Don’t be another statistic: CRASE prepares students for the worst

Jennett Hall 1111 is a large lecture hall with two sets of double doors that open out, each accompanied by a glass case housing a fire extinguisher. Details which the hall’s occupants would soon come to soberly learn.

Of the 720 seats in the hall on September 12, five were filled. The time was 4:54, and there was the vague sense of loosely held hope in the air. Certainly, more had to be coming. After all, this was a matter of life or death.

At 4:55, the sixth and final attendee entered the room. She looked around surprised before picking a seat in the middle segment of chairs.

“Where are the rest of the people?” she said. “I can’t save everyone, you know!”

There was an ice-breaking trickle of laughter. Nevertheless, it was a question that must have been on everyone’s mind. Why hadn’t more people shown up to free training on Civilian Response to Active Shooter Events?

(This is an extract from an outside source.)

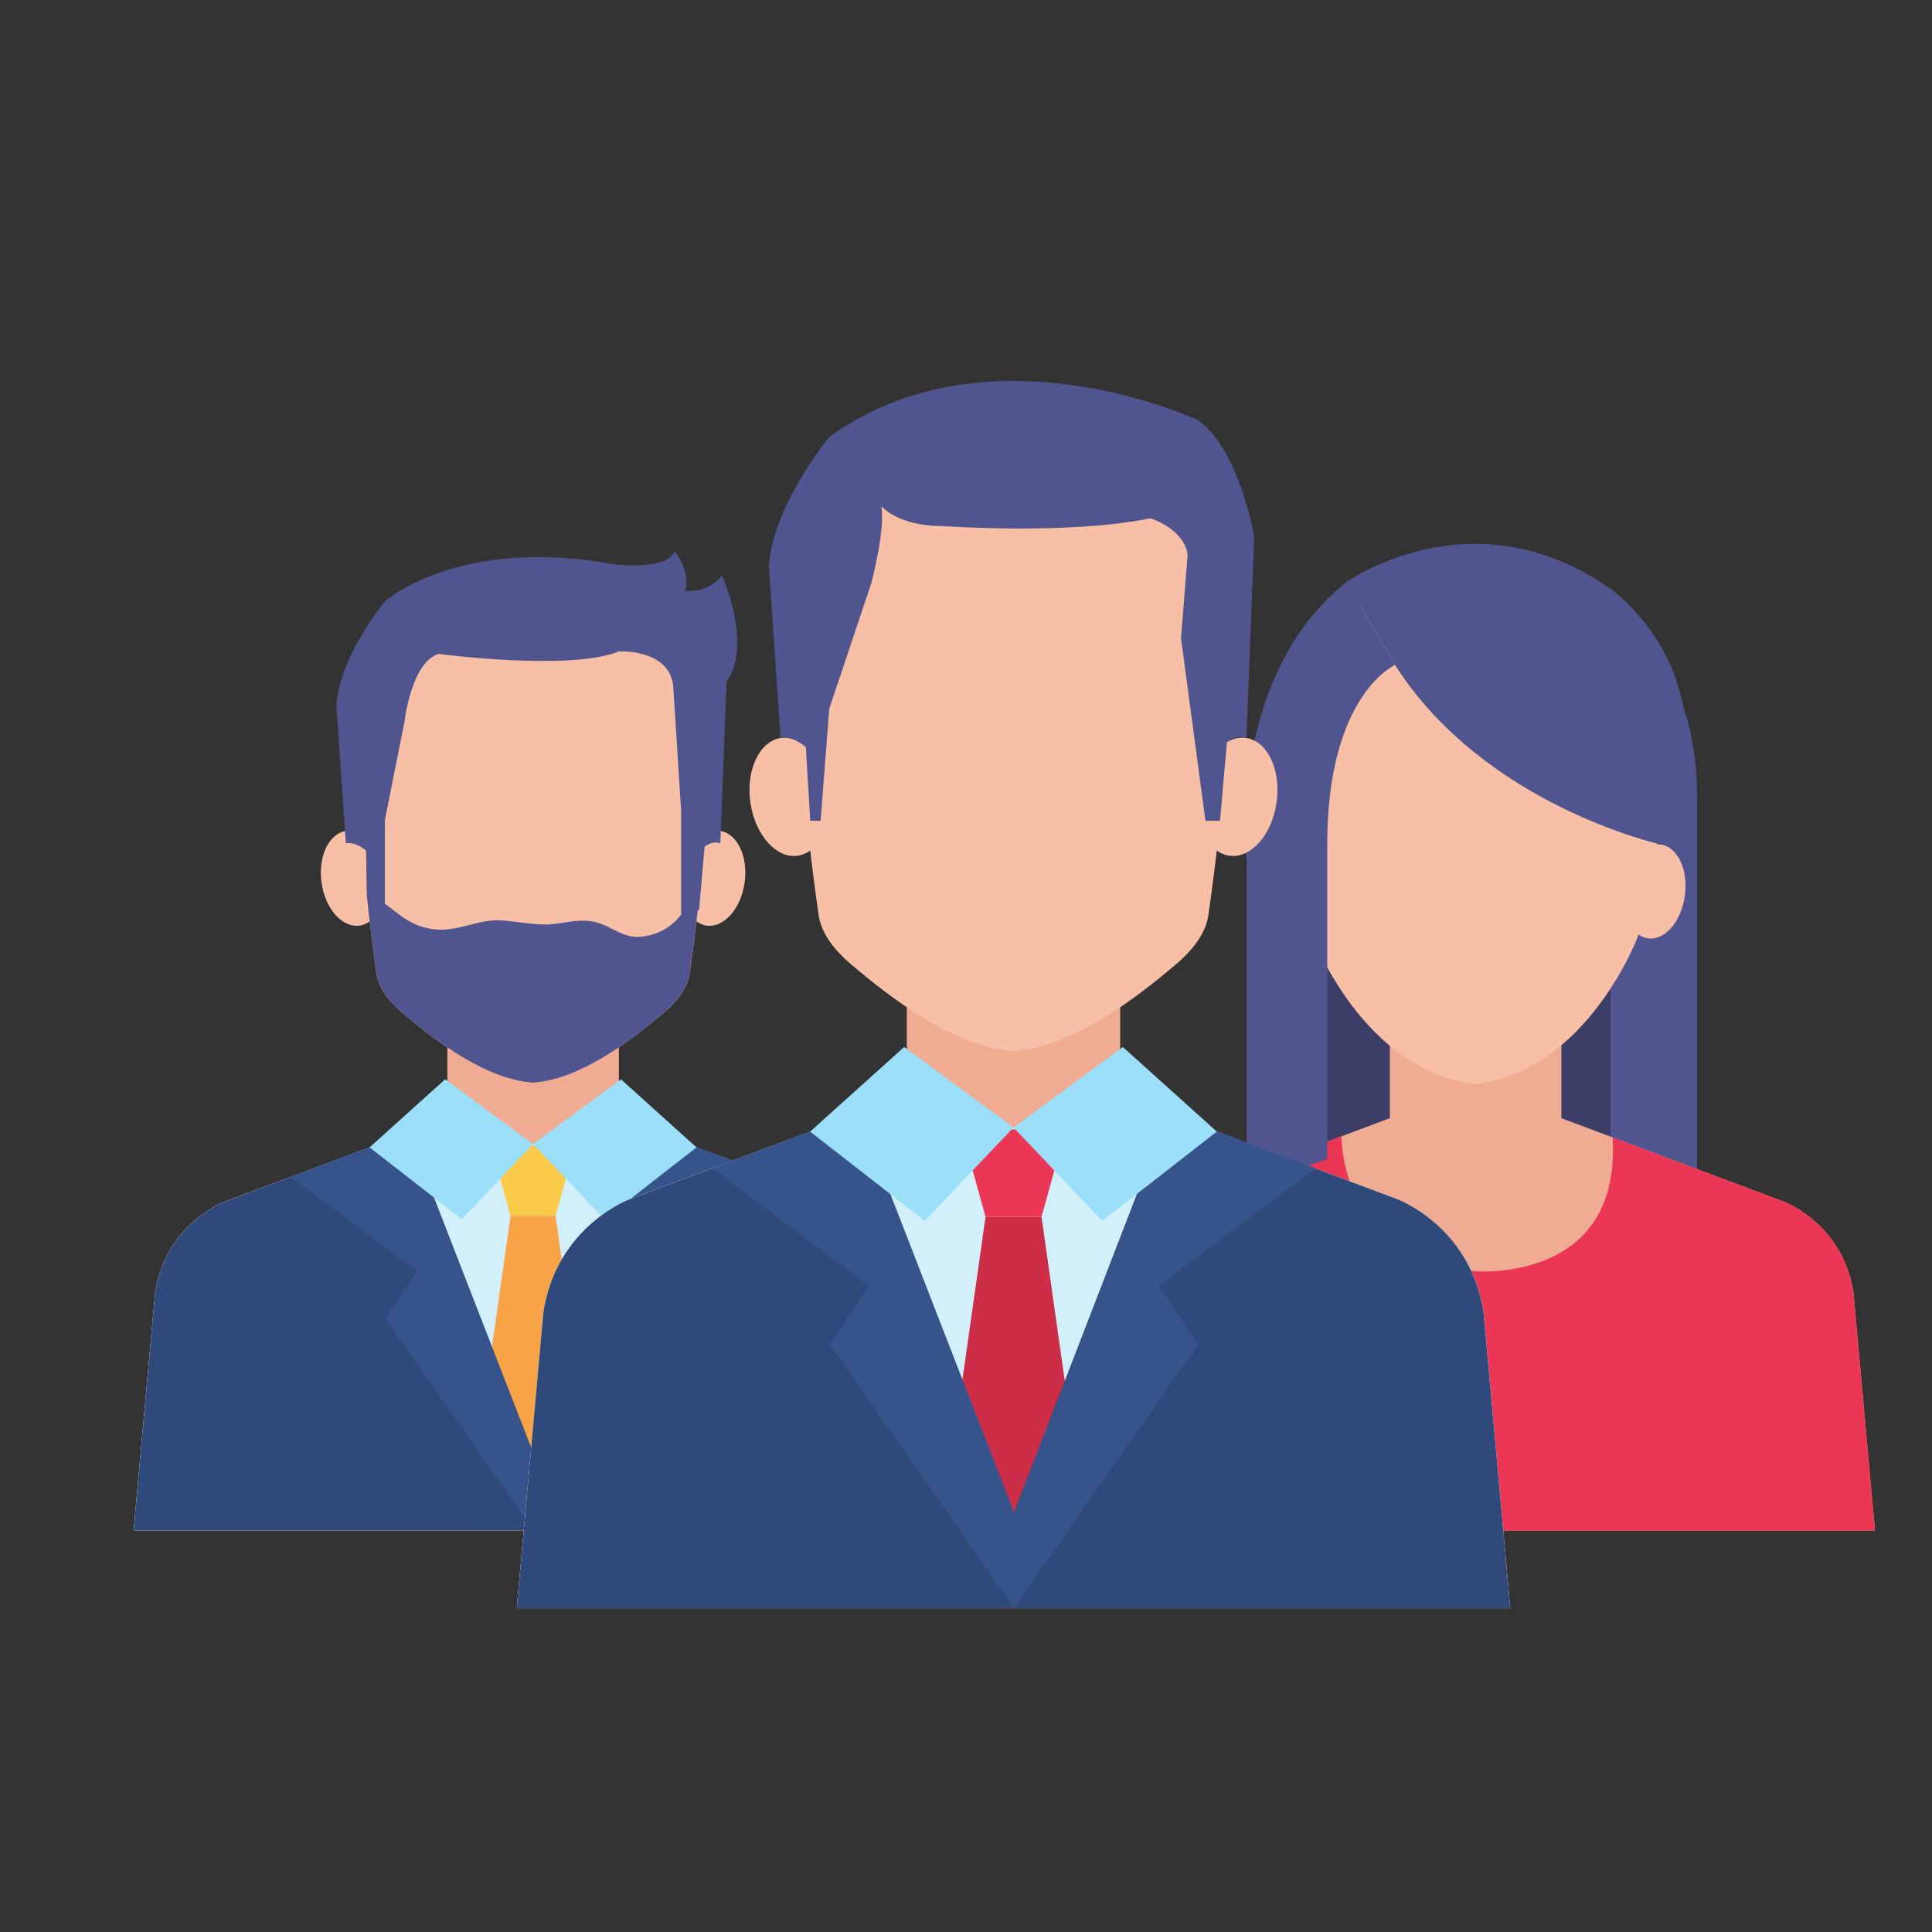 <svg xmlns="http://www.w3.org/2000/svg" xmlns:xlink="http://www.w3.org/1999/xlink" width="500" zoomAndPan="magnify" viewBox="0 0 375 375" height="500" preserveAspectRatio="xMidYMid meet" version="1.0"><rect x="0" y="0" width="375" height="375" fill="#333333" stroke="none"/><defs><clipPath id="3cfc52167c"><path d="M 25.812 217 L 181 217 L 181 298 L 25.812 298 Z M 25.812 217 " clip-rule="nonzero"/></clipPath><clipPath id="00b5625e17"><path d="M 25.812 219 L 104 219 L 104 298 L 25.812 298 Z M 25.812 219 " clip-rule="nonzero"/></clipPath><clipPath id="f098ea960b"><path d="M 100 212 L 294 212 L 294 312.203 L 100 312.203 Z M 100 212 " clip-rule="nonzero"/></clipPath><clipPath id="363142b19c"><path d="M 180 236 L 213 236 L 213 312.203 L 180 312.203 Z M 180 236 " clip-rule="nonzero"/></clipPath><clipPath id="e721ad2c8e"><path d="M 100 216 L 197 216 L 197 312.203 L 100 312.203 Z M 100 216 " clip-rule="nonzero"/></clipPath><clipPath id="4a7fe10b10"><path d="M 196 216 L 294 216 L 294 312.203 L 196 312.203 Z M 196 216 " clip-rule="nonzero"/></clipPath><clipPath id="c16116b6e9"><path d="M 138 216 L 197 216 L 197 312.203 L 138 312.203 Z M 138 216 " clip-rule="nonzero"/></clipPath><clipPath id="faec88b2e7"><path d="M 196 216 L 256 216 L 256 312.203 L 196 312.203 Z M 196 216 " clip-rule="nonzero"/></clipPath></defs><path fill="#3c3e68" d="M 321.598 243.098 L 250.211 243.098 L 250.211 141.84 L 321.598 141.84 L 321.598 243.098 " fill-opacity="1" fill-rule="nonzero"/><path fill="#51558f" d="M 312.605 114.301 C 312.605 114.301 329.383 128.766 329.383 153.965 L 329.383 243.098 L 312.605 243.098 L 312.605 114.301 " fill-opacity="1" fill-rule="nonzero"/><path fill="#f0ac92" d="M 303.066 225.453 L 269.77 225.453 L 269.77 193.27 L 303.066 193.27 L 303.066 225.453 " fill-opacity="1" fill-rule="nonzero"/><path fill="#f8bfa7" d="M 320.629 136.848 C 312.742 109.203 287.938 109.355 286.441 109.387 L 286.258 109.387 C 284.75 109.355 259.945 109.203 252.055 136.848 C 252.055 136.848 246.176 148.883 254.883 182.031 C 254.883 182.031 264.617 207.82 286.258 210.387 L 286.441 210.387 C 308.07 207.82 317.805 182.031 317.805 182.031 C 326.512 148.883 320.629 136.848 320.629 136.848 " fill-opacity="1" fill-rule="nonzero"/><path fill="#f8bfa7" d="M 322.445 163.934 C 319.18 163.391 315.945 167.043 315.219 172.062 C 314.48 177.086 316.52 181.594 319.785 182.121 C 323.047 182.652 326.27 179.016 327.008 173.992 C 327.75 168.973 325.695 164.461 322.445 163.934 " fill-opacity="1" fill-rule="nonzero"/><path fill="#f8bfa7" d="M 250.242 163.934 C 246.992 164.461 244.938 168.973 245.676 173.992 C 246.418 179.016 249.652 182.652 252.902 182.121 C 256.168 181.594 258.207 177.086 257.465 172.062 C 256.727 167.043 253.508 163.391 250.242 163.934 " fill-opacity="1" fill-rule="nonzero"/><path fill="#f0ac92" d="M 359.762 250.895 C 357.676 237.398 346.234 233.234 346.234 233.234 L 303.051 217.035 L 269.77 217.035 L 226.586 233.234 C 226.586 233.234 215.129 237.398 213.059 250.895 L 208.902 297.09 L 363.934 297.09 L 359.762 250.895 " fill-opacity="1" fill-rule="nonzero"/><path fill="#ec3655" d="M 313.012 220.777 L 346.234 233.234 C 346.234 233.234 357.676 237.398 359.762 250.895 L 363.934 297.09 L 208.902 297.09 L 213.059 250.895 C 215.129 237.398 226.586 233.234 226.586 233.234 L 260.398 220.551 C 260.398 220.551 259.883 244.668 286.41 246.73 C 286.41 246.73 314.734 249.176 313.012 220.777 " fill-opacity="1" fill-rule="nonzero"/><path fill="#51558f" d="M 270.766 129.066 C 270.766 129.066 257.617 134.844 257.617 163.875 L 257.617 224.953 L 241.973 230.594 L 241.973 166.891 C 241.973 166.891 237.969 131.75 261.305 113.004 L 270.766 129.066 " fill-opacity="1" fill-rule="nonzero"/><path fill="#51558f" d="M 261.305 113.004 C 261.305 113.004 285.805 95.434 312.605 114.301 C 312.605 114.301 323.758 122.098 326.523 136.441 C 326.523 136.441 331.09 154.797 322.445 163.934 C 322.445 163.934 288.223 156.438 270.766 129.066 L 261.305 113.004 " fill-opacity="1" fill-rule="nonzero"/><path fill="#f8bfa7" d="M 139.812 161.281 C 136.457 160.754 133.133 164.418 132.363 169.484 C 131.605 174.566 133.723 179.105 137.062 179.648 C 140.418 180.176 143.742 176.512 144.516 171.445 C 145.27 166.363 143.168 161.824 139.812 161.281 " fill-opacity="1" fill-rule="nonzero"/><path fill="#f8bfa7" d="M 67.129 161.281 C 63.773 161.824 61.672 166.363 62.426 171.445 C 63.184 176.512 66.508 180.176 69.863 179.648 C 73.219 179.105 75.32 174.566 74.562 169.484 C 73.809 164.418 70.469 160.754 67.129 161.281 " fill-opacity="1" fill-rule="nonzero"/><path fill="#f0ac92" d="M 120.121 225.453 L 86.824 225.453 L 86.824 193.27 L 120.121 193.27 L 120.121 225.453 " fill-opacity="1" fill-rule="nonzero"/><path fill="#f8bfa7" d="M 137.605 137.918 C 130.246 113.941 108.602 111.828 103.465 111.664 C 98.324 111.828 76.68 113.941 69.32 137.918 C 69.32 137.918 68.852 159.652 73.066 188.953 C 73.492 191.957 75.727 194.551 77.965 196.465 C 84.918 202.406 94.5 209.496 103.465 210.145 C 112.441 209.496 122.008 202.406 128.961 196.465 C 131.215 194.551 133.438 191.957 133.875 188.953 C 138.09 159.652 137.605 137.918 137.605 137.918 " fill-opacity="1" fill-rule="nonzero"/><path fill="#51558f" d="M 135.793 171.355 C 135.629 171.398 135.492 171.43 135.355 171.445 C 134.766 175.109 134.48 174.645 132.211 177.523 C 130.309 179.98 127.902 181.324 124.836 181.777 C 120.906 182.363 118.715 179.574 115.133 178.879 C 111.688 178.23 108.828 179.543 105.473 179.438 C 102.859 179.363 100.352 178.91 97.75 178.668 C 93.035 178.219 88.953 180.918 84.375 180.391 C 77.812 179.621 76.516 175.398 71.18 173.664 C 71.676 178.441 72.281 183.57 73.066 188.953 C 73.492 191.957 75.727 194.551 77.965 196.465 C 84.918 202.406 94.5 209.496 103.465 210.145 C 112.441 209.496 122.008 202.406 128.961 196.465 C 131.215 194.551 133.438 191.957 133.875 188.953 C 134.766 182.68 135.461 176.738 135.977 171.293 C 135.914 171.324 135.855 171.34 135.793 171.355 " fill-opacity="1" fill-rule="nonzero"/><g clip-path="url(#3cfc52167c)"><path fill="#f0ac92" d="M 176.816 250.895 C 174.73 237.398 163.285 233.234 163.285 233.234 L 120.105 217.035 L 86.824 217.035 L 43.641 233.234 C 43.641 233.234 32.199 237.398 30.113 250.895 L 25.941 297.09 L 180.984 297.09 L 176.816 250.895 " fill-opacity="1" fill-rule="nonzero"/><path fill="#d1f0fc" d="M 176.816 250.895 C 174.73 237.398 163.285 233.234 163.285 233.234 L 120.105 217.035 L 103.465 222.074 L 86.824 217.035 L 43.641 233.234 C 43.641 233.234 32.199 237.398 30.113 250.895 L 25.941 297.09 L 180.984 297.09 L 176.816 250.895 " fill-opacity="1" fill-rule="nonzero"/></g><path fill="#fbca48" d="M 107.832 235.996 L 111.625 222.344 L 95.301 222.344 L 99.094 235.996 L 107.832 235.996 " fill-opacity="1" fill-rule="nonzero"/><path fill="#f8a446" d="M 107.832 235.996 L 99.094 235.996 L 90.434 297.09 L 116.492 297.09 L 107.832 235.996 " fill-opacity="1" fill-rule="nonzero"/><g clip-path="url(#00b5625e17)"><path fill="#2f497b" d="M 103.387 282.129 L 79.34 219.844 L 43.641 233.234 C 43.641 233.234 32.199 237.398 30.113 250.895 L 25.941 297.09 L 103.387 297.09 L 103.387 282.129 " fill-opacity="1" fill-rule="nonzero"/></g><path fill="#2f497b" d="M 103.555 282.129 L 127.586 219.844 L 163.285 233.234 C 163.285 233.234 174.742 237.398 176.828 250.895 L 180.984 297.09 L 103.555 297.09 L 103.555 282.129 " fill-opacity="1" fill-rule="nonzero"/><path fill="#36538c" d="M 103.555 282.129 L 103.555 297.09 L 74.836 255.934 L 80.941 246.762 L 56.457 228.422 L 79.34 219.844 L 103.555 282.129 " fill-opacity="1" fill-rule="nonzero"/><path fill="#36538c" d="M 103.555 282.129 L 103.555 297.09 L 132.273 255.934 L 126.152 246.762 L 150.637 228.422 L 127.754 219.844 L 103.555 282.129 " fill-opacity="1" fill-rule="nonzero"/><path fill="#9bdff8" d="M 86.398 209.496 L 103.465 222.074 L 89.617 236.645 L 71.738 222.707 L 86.398 209.496 " fill-opacity="1" fill-rule="nonzero"/><path fill="#9bdff8" d="M 120.527 209.496 L 103.465 222.074 L 117.309 236.645 L 135.188 222.707 L 120.527 209.496 " fill-opacity="1" fill-rule="nonzero"/><path fill="#51558f" d="M 141.039 132.293 L 139.812 163.707 C 138.227 163.09 136.762 164.344 136.762 164.344 L 135.688 176.617 L 132.211 178.488 L 132.211 157.496 L 130.668 133.125 C 129.867 125.883 120.121 126.441 120.121 126.441 C 110.598 130.305 85.145 126.926 85.145 126.926 C 79.824 128.539 78.523 140.016 78.523 140.016 L 74.715 159.141 L 74.715 176.664 L 71.18 173.664 L 71.059 165.109 C 68.746 163.195 67.129 163.707 67.129 163.707 L 65.285 136.848 C 65.965 127.273 74.715 116.715 74.715 116.715 C 74.715 116.715 89.016 103.926 119.332 109.551 C 119.332 109.551 129.492 110.832 130.941 106.973 C 130.941 106.973 134.16 111 133.027 114.695 C 133.027 114.695 137.547 115.223 140.133 111.664 C 140.133 111.664 146.148 124.965 141.039 132.293 " fill-opacity="1" fill-rule="nonzero"/><path fill="#f0ac92" d="M 217.426 223.055 L 176.012 223.055 L 176.012 183.027 L 217.426 183.027 L 217.426 223.055 " fill-opacity="1" fill-rule="nonzero"/><path fill="#f8bfa7" d="M 239.191 114.195 C 230.035 84.379 203.113 81.742 196.719 81.531 C 190.328 81.742 163.406 84.379 154.25 114.195 C 154.25 114.195 153.66 141.223 158.902 177.676 C 159.449 181.383 162.215 184.625 164.996 187.008 C 173.656 194.414 185.566 203.207 196.719 204.008 C 207.875 203.207 219.785 194.414 228.445 187.008 C 231.227 184.625 233.992 181.383 234.539 177.676 C 239.781 141.223 239.191 114.195 239.191 114.195 " fill-opacity="1" fill-rule="nonzero"/><path fill="#f8bfa7" d="M 241.93 143.242 C 237.758 142.578 233.617 147.148 232.68 153.453 C 231.727 159.758 234.34 165.414 238.512 166.078 C 242.684 166.754 246.824 162.184 247.762 155.883 C 248.715 149.578 246.102 143.922 241.93 143.242 " fill-opacity="1" fill-rule="nonzero"/><path fill="#f8bfa7" d="M 151.512 143.242 C 147.34 143.922 144.727 149.578 145.664 155.883 C 146.617 162.184 150.758 166.754 154.93 166.078 C 159.102 165.414 161.715 159.758 160.777 153.453 C 159.824 147.148 155.684 142.578 151.512 143.242 " fill-opacity="1" fill-rule="nonzero"/><g clip-path="url(#f098ea960b)"><path fill="#f0ac92" d="M 287.953 254.695 C 285.367 237.91 271.145 232.738 271.145 232.738 L 217.426 212.602 L 176.012 212.602 L 122.297 232.738 C 122.297 232.738 108.059 237.91 105.473 254.695 L 100.305 312.156 L 293.137 312.156 L 287.953 254.695 " fill-opacity="1" fill-rule="nonzero"/><path fill="#d1f0fc" d="M 287.953 254.695 C 285.367 237.91 271.145 232.738 271.145 232.738 L 217.426 212.602 L 196.719 218.848 L 176.012 212.602 L 122.297 232.738 C 122.297 232.738 108.059 237.91 105.473 254.695 L 100.305 312.156 L 293.137 312.156 L 287.953 254.695 " fill-opacity="1" fill-rule="nonzero"/></g><path fill="#ec3655" d="M 202.16 236.191 L 206.863 219.207 L 186.578 219.207 L 191.293 236.191 L 202.16 236.191 " fill-opacity="1" fill-rule="nonzero"/><g clip-path="url(#363142b19c)"><path fill="#cc2e48" d="M 202.16 236.191 L 191.293 236.191 L 180.504 312.156 L 212.922 312.156 L 202.16 236.191 " fill-opacity="1" fill-rule="nonzero"/></g><g clip-path="url(#e721ad2c8e)"><path fill="#2f497b" d="M 196.613 293.559 L 166.719 216.086 L 122.297 232.738 C 122.297 232.738 108.059 237.91 105.473 254.695 L 100.305 312.156 L 196.613 312.156 L 196.613 293.559 " fill-opacity="1" fill-rule="nonzero"/></g><g clip-path="url(#4a7fe10b10)"><path fill="#2f497b" d="M 196.828 293.559 L 226.723 216.086 L 271.145 232.738 C 271.145 232.738 285.367 237.91 287.953 254.695 L 293.137 312.156 L 196.828 312.156 L 196.828 293.559 " fill-opacity="1" fill-rule="nonzero"/></g><g clip-path="url(#c16116b6e9)"><path fill="#36538c" d="M 196.828 293.559 L 196.828 312.156 L 161.094 260.969 L 168.715 249.566 L 138.258 226.766 L 166.719 216.086 L 196.828 293.559 " fill-opacity="1" fill-rule="nonzero"/></g><g clip-path="url(#faec88b2e7)"><path fill="#36538c" d="M 196.828 293.559 L 196.828 312.156 L 232.543 260.969 L 224.941 249.566 L 255.379 226.766 L 226.934 216.086 L 196.828 293.559 " fill-opacity="1" fill-rule="nonzero"/></g><path fill="#9bdff8" d="M 175.5 203.223 L 196.719 218.848 L 179.488 236.973 L 157.242 219.645 L 175.5 203.223 " fill-opacity="1" fill-rule="nonzero"/><path fill="#9bdff8" d="M 217.941 203.223 L 196.719 218.848 L 213.953 236.973 L 236.184 219.645 L 217.941 203.223 " fill-opacity="1" fill-rule="nonzero"/><path fill="#51558f" d="M 157.27 159.32 L 159.281 159.32 L 160.961 137.559 L 169.105 113.246 C 169.105 113.246 171.918 102.688 171.055 98.223 C 171.055 98.223 174.215 102.102 182.844 102.102 C 182.844 102.102 207.254 103.879 223.336 100.605 C 223.336 100.605 229.957 102.688 230.516 107.758 L 229.23 123.848 L 233.977 159.32 L 236.805 159.32 L 238.148 144.043 C 238.148 144.043 239.965 142.488 241.93 143.242 L 243.453 104.184 C 243.453 104.184 240.461 86.898 232.48 81.531 C 232.48 81.531 191.945 62.465 160.961 84.801 C 160.961 84.801 150.094 97.922 149.23 109.852 L 151.512 143.242 C 151.512 143.242 153.539 142.625 156.41 145.008 L 157.27 159.32 " fill-opacity="1" fill-rule="nonzero"/></svg>

The CRASE course was developed by Texas State University to assist civilians in properly responding to an active shooter situation. Lt. Robert Goley, head of emergency management, stood at the podium in the front of the hall like a conductor without a band. He began promptly at 5 p.m.

“Everybody is going to be afraid in these types of situations,” he said. “It’s a natural response, and that’s kind of what this class is about: to overcome that natural response and to think.”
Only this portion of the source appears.